Which governance and banking documents help onboarding?

Consistency avoids delays. Keep wording aligned across articles, minutes, and bank forms so powers and limits match everywhere.

  • Ownership chart with UBO identification and short source-of-funds/source-of-wealth narratives.
  • Articles, signature matrix, and minute templates.
  • Treasury policy with payment thresholds and dual-approval rules where appropriate.

When is another vehicle a better fit?

If you plan operating activity, invoicing to third parties, or intragroup financing, the SPF will be too narrow. Damalion experts may advise you on structures that align with your objectives and timing.
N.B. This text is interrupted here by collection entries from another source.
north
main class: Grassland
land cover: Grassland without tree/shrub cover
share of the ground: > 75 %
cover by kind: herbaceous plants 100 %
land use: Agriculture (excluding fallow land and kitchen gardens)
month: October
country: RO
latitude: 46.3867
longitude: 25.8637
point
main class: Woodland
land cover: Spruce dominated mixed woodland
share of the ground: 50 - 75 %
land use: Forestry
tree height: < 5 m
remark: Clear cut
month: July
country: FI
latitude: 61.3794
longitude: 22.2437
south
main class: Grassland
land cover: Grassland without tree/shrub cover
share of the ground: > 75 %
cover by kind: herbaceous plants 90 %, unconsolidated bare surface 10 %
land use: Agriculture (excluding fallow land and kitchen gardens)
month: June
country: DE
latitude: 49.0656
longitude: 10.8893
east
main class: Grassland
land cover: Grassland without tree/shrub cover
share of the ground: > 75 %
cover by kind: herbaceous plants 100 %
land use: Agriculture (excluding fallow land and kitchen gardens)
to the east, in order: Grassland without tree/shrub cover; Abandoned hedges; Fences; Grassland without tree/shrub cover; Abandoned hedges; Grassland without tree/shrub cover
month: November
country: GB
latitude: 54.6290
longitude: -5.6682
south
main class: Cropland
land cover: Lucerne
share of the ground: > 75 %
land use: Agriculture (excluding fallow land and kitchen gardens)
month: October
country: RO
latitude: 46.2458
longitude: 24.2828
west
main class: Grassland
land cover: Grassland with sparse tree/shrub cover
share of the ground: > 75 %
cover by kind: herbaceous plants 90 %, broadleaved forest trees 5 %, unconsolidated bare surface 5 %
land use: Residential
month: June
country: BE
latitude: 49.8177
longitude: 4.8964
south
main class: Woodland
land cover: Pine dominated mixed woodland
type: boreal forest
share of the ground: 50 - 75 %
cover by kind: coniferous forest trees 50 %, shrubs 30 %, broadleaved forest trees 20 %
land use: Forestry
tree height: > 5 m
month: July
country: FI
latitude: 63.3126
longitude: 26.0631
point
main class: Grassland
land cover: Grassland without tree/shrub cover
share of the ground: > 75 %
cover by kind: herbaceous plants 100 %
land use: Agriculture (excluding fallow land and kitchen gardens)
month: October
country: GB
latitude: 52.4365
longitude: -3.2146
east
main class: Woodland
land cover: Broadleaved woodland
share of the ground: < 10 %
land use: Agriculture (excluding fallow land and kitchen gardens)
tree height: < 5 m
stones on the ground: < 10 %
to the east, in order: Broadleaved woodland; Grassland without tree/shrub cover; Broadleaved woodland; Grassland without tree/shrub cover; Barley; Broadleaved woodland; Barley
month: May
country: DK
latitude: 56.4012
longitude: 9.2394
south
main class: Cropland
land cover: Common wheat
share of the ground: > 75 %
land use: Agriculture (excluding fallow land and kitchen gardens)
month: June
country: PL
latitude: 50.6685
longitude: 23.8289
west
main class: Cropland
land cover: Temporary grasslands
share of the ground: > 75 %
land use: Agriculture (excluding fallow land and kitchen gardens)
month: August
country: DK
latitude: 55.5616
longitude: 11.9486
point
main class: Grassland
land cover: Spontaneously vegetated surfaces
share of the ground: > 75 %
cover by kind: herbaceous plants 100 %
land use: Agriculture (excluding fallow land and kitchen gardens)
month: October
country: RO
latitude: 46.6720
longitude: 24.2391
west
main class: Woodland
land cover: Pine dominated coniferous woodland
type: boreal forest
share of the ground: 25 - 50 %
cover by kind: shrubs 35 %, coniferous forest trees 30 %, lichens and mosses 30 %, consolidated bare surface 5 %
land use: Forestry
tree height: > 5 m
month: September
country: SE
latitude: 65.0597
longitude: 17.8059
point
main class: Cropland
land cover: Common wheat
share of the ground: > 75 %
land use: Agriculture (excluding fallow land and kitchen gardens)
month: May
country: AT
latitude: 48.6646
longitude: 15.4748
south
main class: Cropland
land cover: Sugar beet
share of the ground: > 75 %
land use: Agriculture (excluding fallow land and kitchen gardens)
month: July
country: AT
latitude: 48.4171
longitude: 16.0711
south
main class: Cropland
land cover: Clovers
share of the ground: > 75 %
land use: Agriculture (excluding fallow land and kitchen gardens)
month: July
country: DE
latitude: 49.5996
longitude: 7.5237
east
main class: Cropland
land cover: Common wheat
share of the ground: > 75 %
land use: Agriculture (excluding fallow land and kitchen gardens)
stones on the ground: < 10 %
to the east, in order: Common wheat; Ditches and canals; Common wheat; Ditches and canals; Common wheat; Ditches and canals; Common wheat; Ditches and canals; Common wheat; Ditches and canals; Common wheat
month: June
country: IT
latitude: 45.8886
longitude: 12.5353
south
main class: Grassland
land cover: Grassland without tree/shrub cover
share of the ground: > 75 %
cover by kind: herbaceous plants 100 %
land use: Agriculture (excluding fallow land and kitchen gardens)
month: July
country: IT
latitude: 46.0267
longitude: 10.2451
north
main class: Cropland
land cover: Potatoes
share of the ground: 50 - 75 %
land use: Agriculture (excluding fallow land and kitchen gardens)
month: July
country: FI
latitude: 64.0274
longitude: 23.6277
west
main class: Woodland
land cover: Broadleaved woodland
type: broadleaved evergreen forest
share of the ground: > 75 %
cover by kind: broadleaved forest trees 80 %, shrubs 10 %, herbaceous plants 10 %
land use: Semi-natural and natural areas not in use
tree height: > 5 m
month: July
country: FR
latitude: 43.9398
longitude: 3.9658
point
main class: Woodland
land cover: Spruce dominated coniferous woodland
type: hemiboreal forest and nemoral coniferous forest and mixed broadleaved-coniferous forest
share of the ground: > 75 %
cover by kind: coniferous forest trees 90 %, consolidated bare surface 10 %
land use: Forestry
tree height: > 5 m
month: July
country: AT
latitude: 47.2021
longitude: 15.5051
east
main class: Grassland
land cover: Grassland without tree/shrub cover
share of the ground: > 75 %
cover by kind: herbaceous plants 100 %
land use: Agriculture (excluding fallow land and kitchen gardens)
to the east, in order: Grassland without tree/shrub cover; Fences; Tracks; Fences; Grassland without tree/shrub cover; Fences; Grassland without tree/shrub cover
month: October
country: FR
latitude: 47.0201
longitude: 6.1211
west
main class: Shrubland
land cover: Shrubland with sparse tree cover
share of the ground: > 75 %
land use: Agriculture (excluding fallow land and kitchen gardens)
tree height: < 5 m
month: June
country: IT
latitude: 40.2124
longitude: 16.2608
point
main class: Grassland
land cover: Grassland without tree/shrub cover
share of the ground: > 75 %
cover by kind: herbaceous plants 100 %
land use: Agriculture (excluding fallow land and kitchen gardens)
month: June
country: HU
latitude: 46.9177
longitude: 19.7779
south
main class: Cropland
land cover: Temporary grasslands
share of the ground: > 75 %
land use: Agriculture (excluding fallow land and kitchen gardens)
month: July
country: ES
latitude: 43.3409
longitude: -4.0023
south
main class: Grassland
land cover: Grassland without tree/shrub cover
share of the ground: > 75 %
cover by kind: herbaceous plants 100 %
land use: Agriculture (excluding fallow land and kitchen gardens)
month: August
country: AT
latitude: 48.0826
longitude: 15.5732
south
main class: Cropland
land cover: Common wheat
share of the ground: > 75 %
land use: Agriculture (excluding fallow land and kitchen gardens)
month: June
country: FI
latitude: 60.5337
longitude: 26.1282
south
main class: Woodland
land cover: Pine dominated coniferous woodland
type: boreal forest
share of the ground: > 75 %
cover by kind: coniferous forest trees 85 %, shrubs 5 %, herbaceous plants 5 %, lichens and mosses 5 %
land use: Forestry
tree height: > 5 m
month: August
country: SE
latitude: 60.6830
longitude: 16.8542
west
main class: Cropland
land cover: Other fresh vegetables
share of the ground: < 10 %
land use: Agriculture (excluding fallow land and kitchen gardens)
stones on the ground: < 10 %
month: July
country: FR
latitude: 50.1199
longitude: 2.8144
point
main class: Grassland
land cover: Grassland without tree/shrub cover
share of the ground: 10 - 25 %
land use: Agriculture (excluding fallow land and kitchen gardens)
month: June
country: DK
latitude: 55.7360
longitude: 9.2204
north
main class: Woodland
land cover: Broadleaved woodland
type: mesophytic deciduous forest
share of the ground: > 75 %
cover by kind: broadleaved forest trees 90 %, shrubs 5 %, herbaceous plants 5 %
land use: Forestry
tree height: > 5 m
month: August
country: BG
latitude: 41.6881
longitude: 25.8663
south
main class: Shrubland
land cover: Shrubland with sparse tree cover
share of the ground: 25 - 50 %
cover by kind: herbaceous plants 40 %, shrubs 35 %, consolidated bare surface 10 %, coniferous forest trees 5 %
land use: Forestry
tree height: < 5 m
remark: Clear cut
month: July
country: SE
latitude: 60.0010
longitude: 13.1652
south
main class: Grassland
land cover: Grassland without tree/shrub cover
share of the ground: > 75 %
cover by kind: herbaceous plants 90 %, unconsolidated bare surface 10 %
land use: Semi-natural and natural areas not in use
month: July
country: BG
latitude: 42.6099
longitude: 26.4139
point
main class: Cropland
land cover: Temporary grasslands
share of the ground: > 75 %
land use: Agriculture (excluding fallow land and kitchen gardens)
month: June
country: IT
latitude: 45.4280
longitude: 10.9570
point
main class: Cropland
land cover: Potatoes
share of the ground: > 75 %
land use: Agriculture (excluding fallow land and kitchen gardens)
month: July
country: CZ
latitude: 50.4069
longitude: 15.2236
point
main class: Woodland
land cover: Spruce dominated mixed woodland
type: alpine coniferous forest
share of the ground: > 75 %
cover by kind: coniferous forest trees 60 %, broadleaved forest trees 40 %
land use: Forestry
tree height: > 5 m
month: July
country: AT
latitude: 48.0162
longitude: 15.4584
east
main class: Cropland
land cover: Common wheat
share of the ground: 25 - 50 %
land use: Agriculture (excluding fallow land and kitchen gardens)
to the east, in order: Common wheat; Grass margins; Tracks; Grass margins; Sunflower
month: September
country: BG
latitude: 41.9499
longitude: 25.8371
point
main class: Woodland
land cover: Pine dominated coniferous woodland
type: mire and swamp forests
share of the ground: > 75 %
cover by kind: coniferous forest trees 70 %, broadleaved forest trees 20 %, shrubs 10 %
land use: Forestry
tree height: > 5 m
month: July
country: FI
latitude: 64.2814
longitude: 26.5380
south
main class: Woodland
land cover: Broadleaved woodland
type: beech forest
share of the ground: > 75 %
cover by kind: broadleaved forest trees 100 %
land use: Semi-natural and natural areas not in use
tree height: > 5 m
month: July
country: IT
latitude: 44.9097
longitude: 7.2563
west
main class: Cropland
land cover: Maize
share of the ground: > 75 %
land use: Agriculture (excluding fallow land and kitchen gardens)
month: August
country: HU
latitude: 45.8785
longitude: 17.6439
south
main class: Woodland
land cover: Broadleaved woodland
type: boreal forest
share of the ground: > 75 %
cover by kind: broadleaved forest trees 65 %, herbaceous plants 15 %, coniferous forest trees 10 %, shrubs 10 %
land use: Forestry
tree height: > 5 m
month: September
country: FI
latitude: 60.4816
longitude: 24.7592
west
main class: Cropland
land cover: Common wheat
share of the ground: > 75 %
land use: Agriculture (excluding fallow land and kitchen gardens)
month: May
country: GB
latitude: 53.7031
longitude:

SOPARFI for business flows and debt · SCSp for a limited partnership setup · RAIF for a fast-to-market fund framework

Quick snapshot

Here are a few points that matter for your incorporation project.

Topic Answer
Role Holding financial assets for private wealth with no commercial operations
Investors Individuals and qualifying family wealth vehicles
Tax Subscription tax replaces corporate taxes, with minimum and cap
Treaties / VAT No access to double-tax treaties and no VAT registration under the private-wealth purpose
Governance Minutes and registers kept in Luxembourg; clear signing powers

Frequently asked questions

What is a Luxembourg SPF in legal terms?
An entity dedicated to holding financial assets for private wealth. It does not conduct commercial activity and does not provide services to third parties.
Who may invest in an SPF?
Private individuals and qualifying family wealth vehicles, such as certain family offices, trusts, or foundations acting for them.
Which assets can an SPF hold?
Shares, bonds, fund units, deposits, and comparable instruments. Operating commercial activities are outside the perimeter.
Can an SPF grant loans?
Interest-bearing lending to third parties is out of scope. Any cash advances must remain compatible with the private-wealth purpose and be properly documented.
Does an SPF have access to tax treaties?
As a rule, no, given its specific tax regime.
Does an SPF register for VAT?
No, because it should refrain from taxable economic activity.
Which legal forms are typical for an SPF?
S.à r.l. and S.A., depending on governance preferences, capital, and transfer mechanics.
What is the minimum share capital?
It depends on the chosen form: €30,000 for an S.A. and €12,000 for an S.à r.l.
How is the subscription tax calculated in 2025?
At 0.25% of paid-up capital and share premium plus the portion of debt above eight times equity, with a €1,000 minimum and a €125,000 cap.
When and how is the subscription tax paid?
Quarterly through MyGuichet.lu, with the annual amount split into four instalments.
What annual certificate is required?
An electronic compliance certificate filed with the AED by 31 July each year.
Can an SPF hold real estate?
No. Direct or transparent real-estate holding is outside the SPF perimeter.
Where should minutes and registers be kept?
In Luxembourg, orderly and accessible to evidence governance.
What naming rule applies?
The company name must include “SPF”. Administrative fines can apply if omitted.
When might another vehicle be more suitable?
When operating activity, fee-based services, or intragroup financing are planned. Damalion experts may advise you on a SOPARFI, SCSp, or RAIF according to your objectives.